EXERCISE GOAL
Only the text of the entries below should appear in your exact transcription; leave out every picture.

DATA
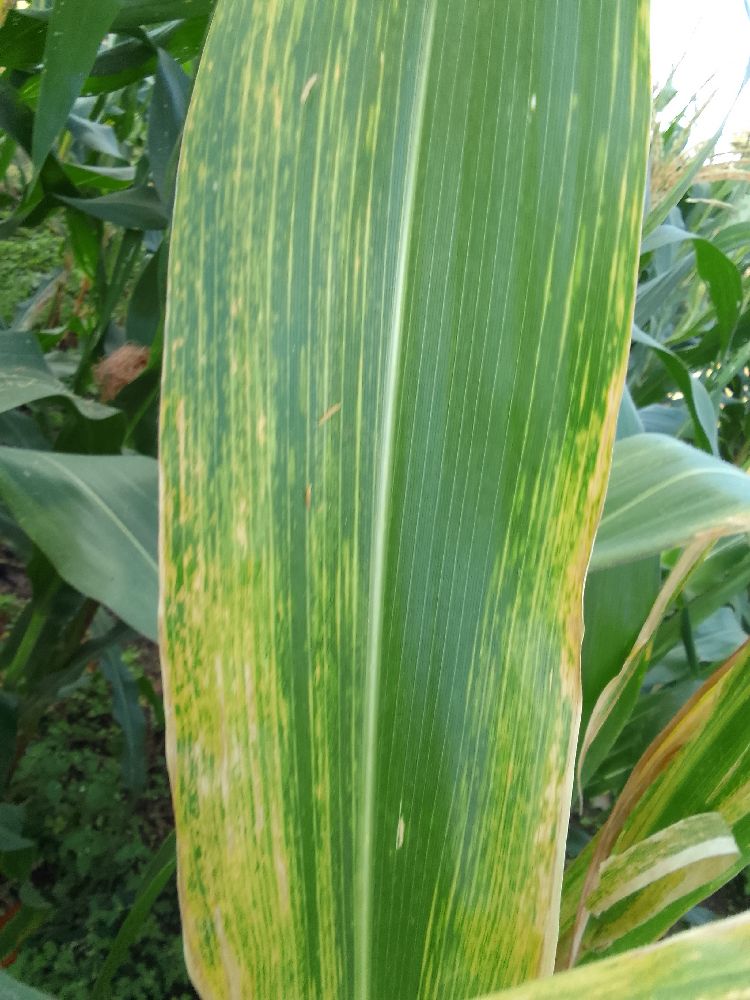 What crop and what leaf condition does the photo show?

maize, maize lethal necrosis
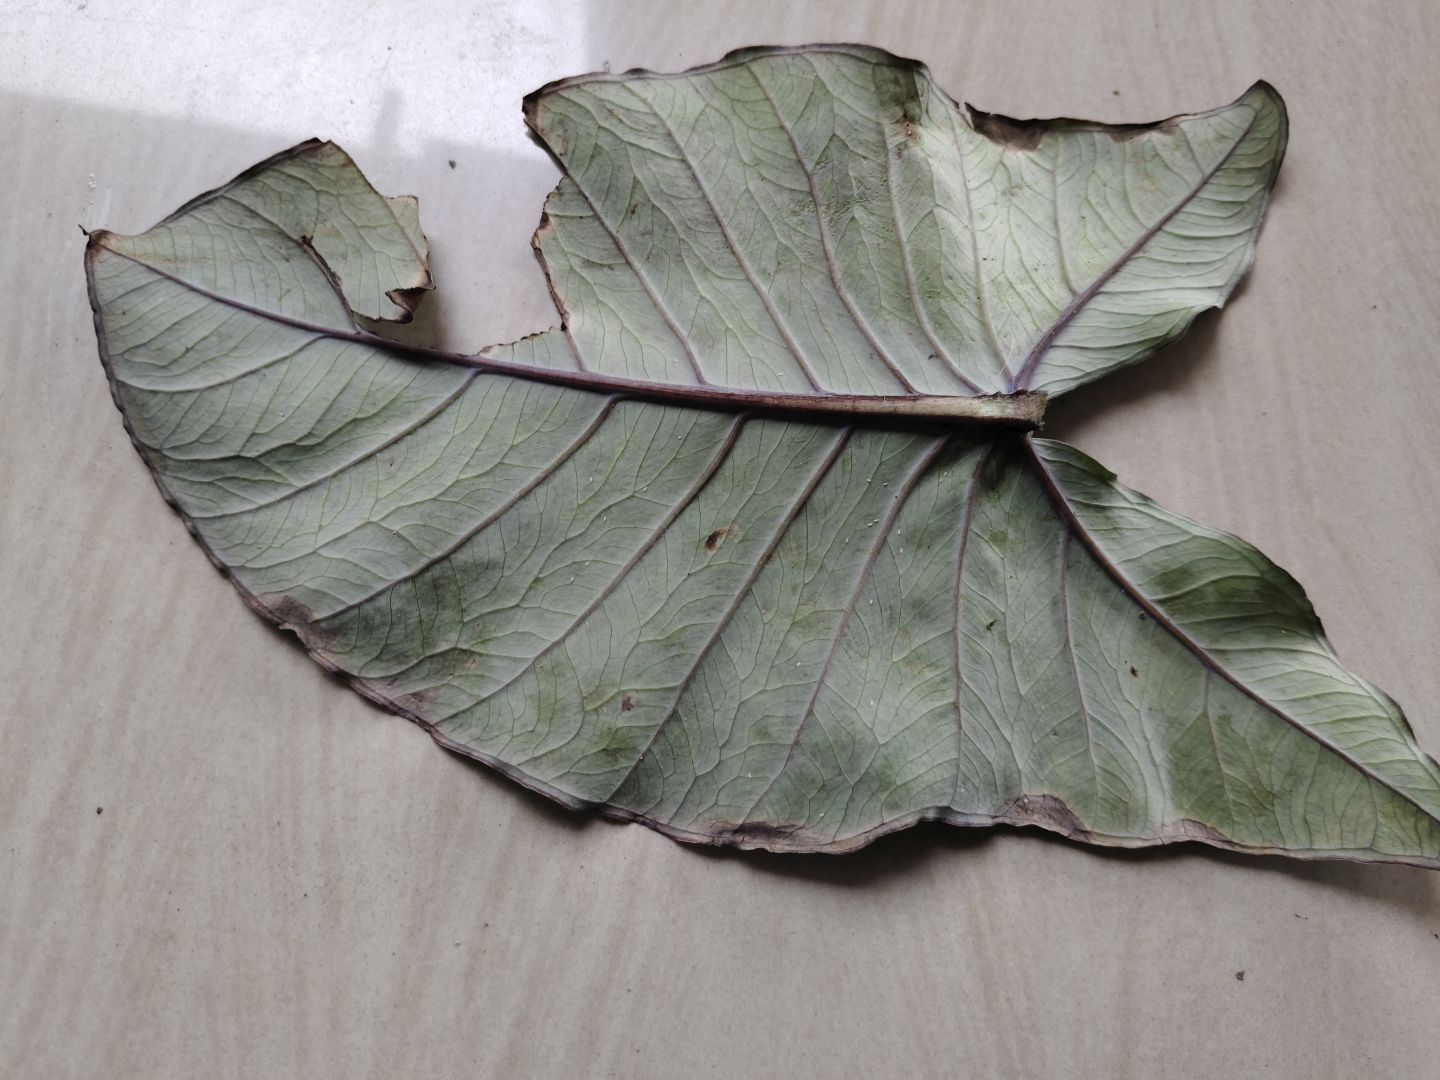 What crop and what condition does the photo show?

taro, leaf blight
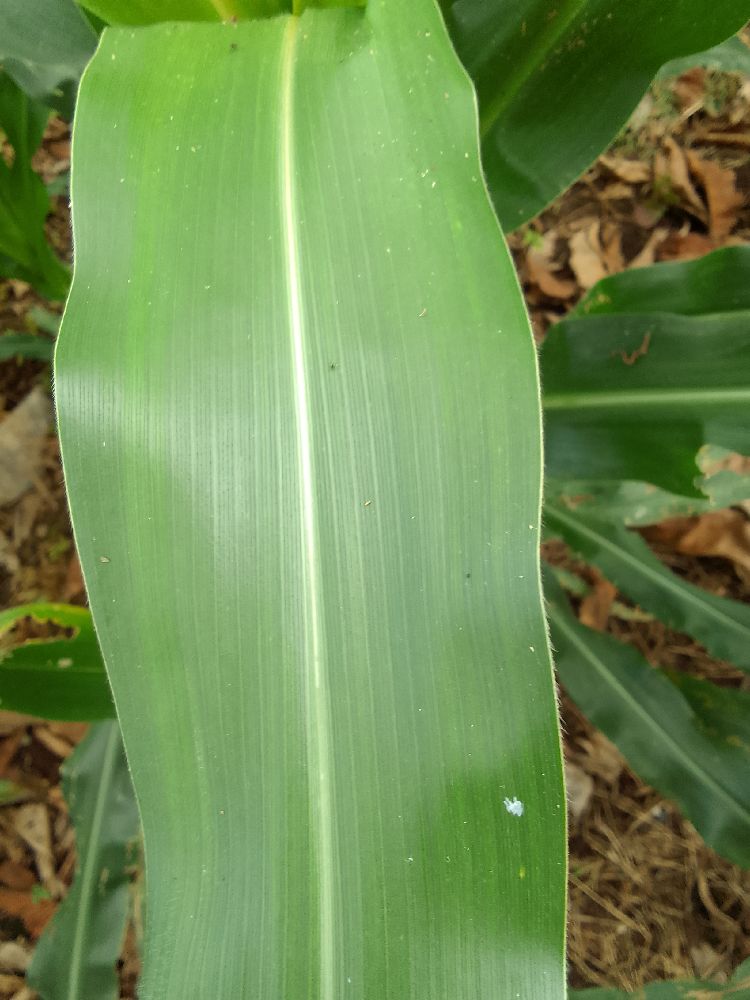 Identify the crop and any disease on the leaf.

maize, healthy
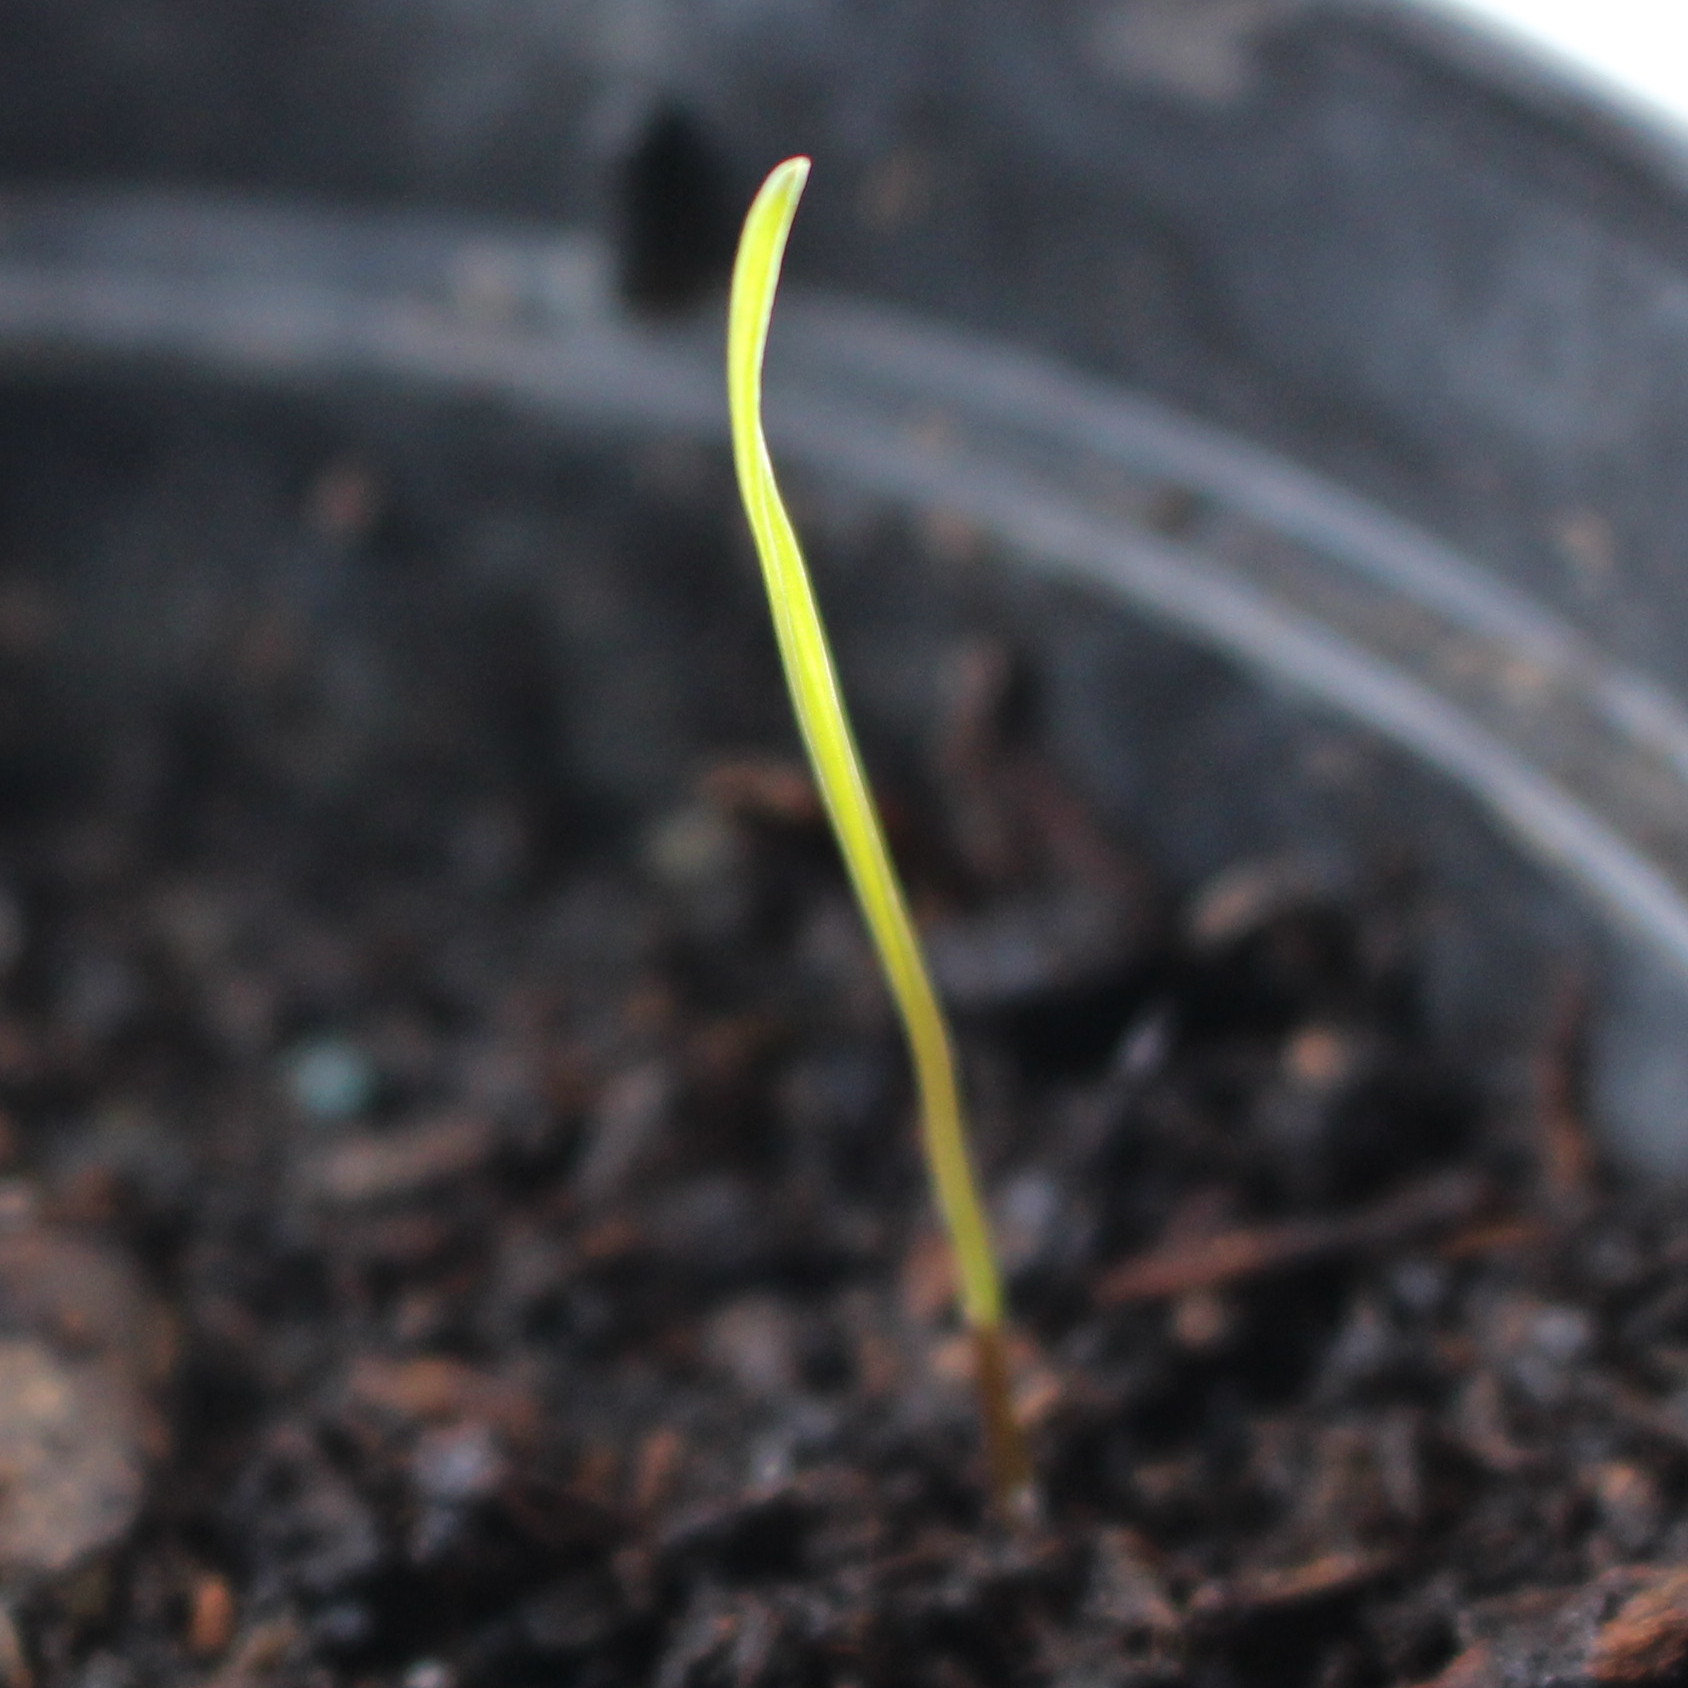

EXERCISE SOLUTION
 What crop and what leaf condition does the photo show?

maize, maize lethal necrosis
 What crop and what condition does the photo show?

taro, leaf blight
 Identify the crop and any disease on the leaf.

maize, healthy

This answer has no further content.